They looked at each other somberly. It was not a pleasant position.

On a wrecked ship, barely maneuverable, with most of its instrumentation out, leaking like a proverbial sieve, on a trajectory that would take it somewhere near Procyon in a few million years, short on air, water, and food, with a friend on another, worse ship, sealed into a single room.

“Join the Space Service and see the stars,” Derec said, forcing a grin.

Ariel grinned back, just as wanly.

The alien ship was all around them, and some of the pieces definitely had once been living. Derec, feeling none too good to start, avoided looking at them, though they were at such a distance that details were lost. His imagination supplied them. Many were Narwe, but there was a goodly number of the starfish-shaped dwellers-in-darkness he had glimpsed in his brief time aboard the ship.

“I’m amazed they aren’t trying something,” he said again. They’d both been saying that for nearly an hour.

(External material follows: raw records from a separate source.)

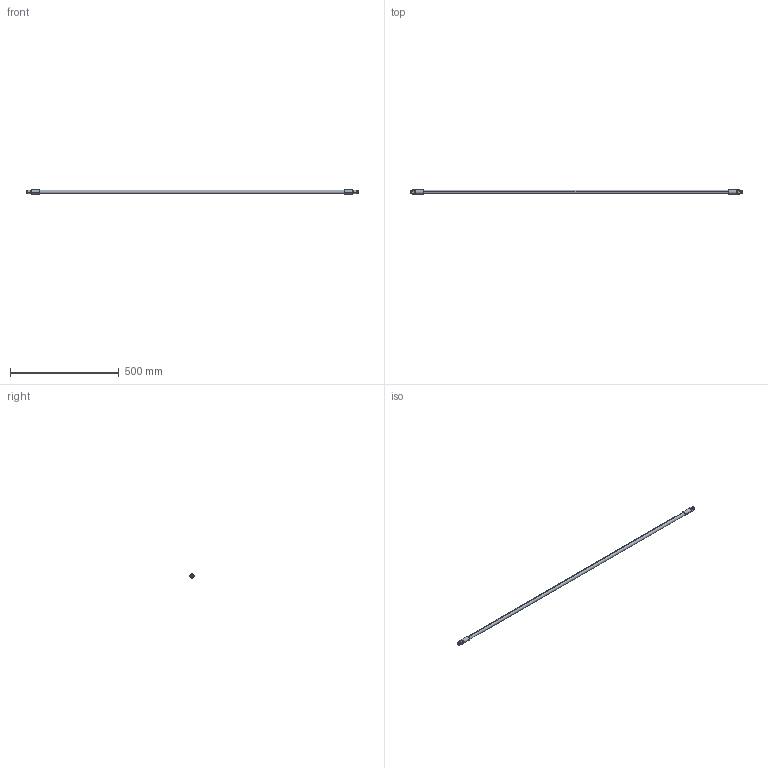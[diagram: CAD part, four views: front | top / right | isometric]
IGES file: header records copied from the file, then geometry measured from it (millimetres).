
Start section:  PTC IGES file: ilc35144605.igs
Global section: file name: ilc35144605.igs; native system: Pro/ENGINEER by Parametric Technology Corporation; preprocessor: 2004290; author: KR; organization: Unknown; date: 050824.100623; units: inch
Bounding box: 1524 x 20.15 x 19.05 mm (x, y, z)
Surface area: 125502.7 mm2 (no closed solid volume)
Topology: 0 solids, 0 shells, 60 faces, 272 edges, 272 vertices
Faces by surface type: revolution 40, bspline 20

“Derec…I think they’re all gone.”

It could be. But-”Dead?” he asked.

Many were. Ariel shook her head, though. “I don’t think so. I think they must have Jumped out at the height of the battle. “

Leaning forward, Derec eagerly scanned such of the surroundings as were visible, trying to count the hulls. It was no use. “I don’t know how many hulls there were, and they all look different now. The central one, I suppose, had the hyperatomic motors. Maybe some of the other hulls did, too. I don’t think there’s more than one hull missing, though.”

“You agree, then?” she asked, worried.

“I agree,” he said. “Knowing Aranimas, if he were alive and here, he’d be shooting at us. With something.”

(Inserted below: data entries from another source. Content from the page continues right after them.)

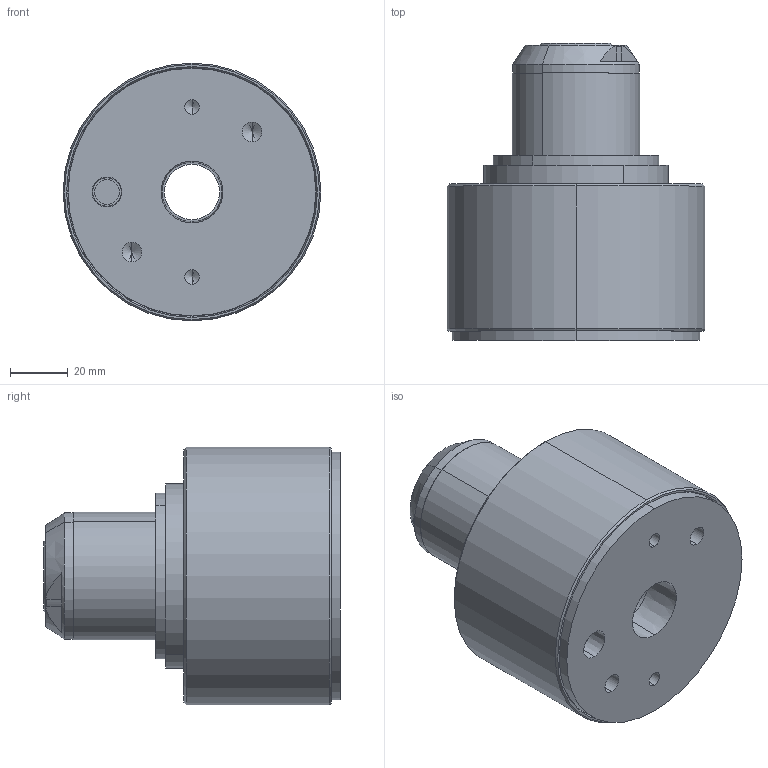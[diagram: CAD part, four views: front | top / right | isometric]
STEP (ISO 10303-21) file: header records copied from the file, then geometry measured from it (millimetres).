
FILE_DESCRIPTION (( 'STEP AP214' ), '1' );
FILE_NAME ('CTSC-001843.STEP', '2025-01-22T13:54:40', ( '' ), ( '' ), 'SwSTEP 2.0', 'SolidWorks 2023', '' );
FILE_SCHEMA (( 'AUTOMOTIVE_DESIGN' ));
Length unit declared in the file: inch
Products named in the file (1): CTSC-001843
Bounding box: 88.9 x 102.41 x 88.9 mm (x, y, z)
Volume: 383569.3 mm3; surface area: 51390.2 mm2
Topology: 1 solids, 2 shells, 83 faces, 187 edges, 114 vertices
Faces by surface type: cylinder 35, cone 24, plane 24
Entity records: 3075 total; most frequent: CARTESIAN_POINT 437, DIRECTION 435, ORIENTED_EDGE 358, EDGE_CURVE 179, AXIS2_PLACEMENT_3D 178, VERTEX_POINT 114, EDGE_LOOP 101, CIRCLE 94

“Yes.” She was silent for a moment. “It’s not likely that all that damage could have been done by Mandelbrot.”

Wolruf had dropped the robot off when she had braked sufficiently to bring the relative motion of the ships down to a level Mandelbrot’s rockets could handle. The robot had made a landing on the alien ship, damaging one knee joint, and then had swarmed allover it, planting explosive charges at the joins of the hulls. The mighty ship had simply broken up.

“We already know that there were explosive charges at the hull connections,” Derec said. Aranimas had dropped one of his hulls to make his escape at Rockliffe Station.

“Yes. He must have blown them all, got his central hull free, and Jumped.”

“If he Jumped blind, he could be anywhere in the universe,” Derec said. “Let’s hope he never finds his way back!”

It wasn’t something they could count on.

Half an hour later, Mandelbrot called them on the radio and suggested that they go lock-to-lock with Wolruf’s ship. Presently, Ariel brought them together, Mandelbrot guiding them, and the open airlocks grated together. They were compatible, and with a little nudging clanked into position.

“This join will not hold air long,” observed the robot. “We must charge it, and Wolruf must move fast, despite the bag.”

They had been pumping their leaking air into bottles, to save at least some of it. Derec took one of the bottles to the lock, shoved its bayonet fitting into the lock’s emergency valve, and opened the bottle. Presently Wolruf banged on the inner door, the outer door clanking shut behind her. Derec let the air continue to hiss to equalize pressure-but the bottle went empty first.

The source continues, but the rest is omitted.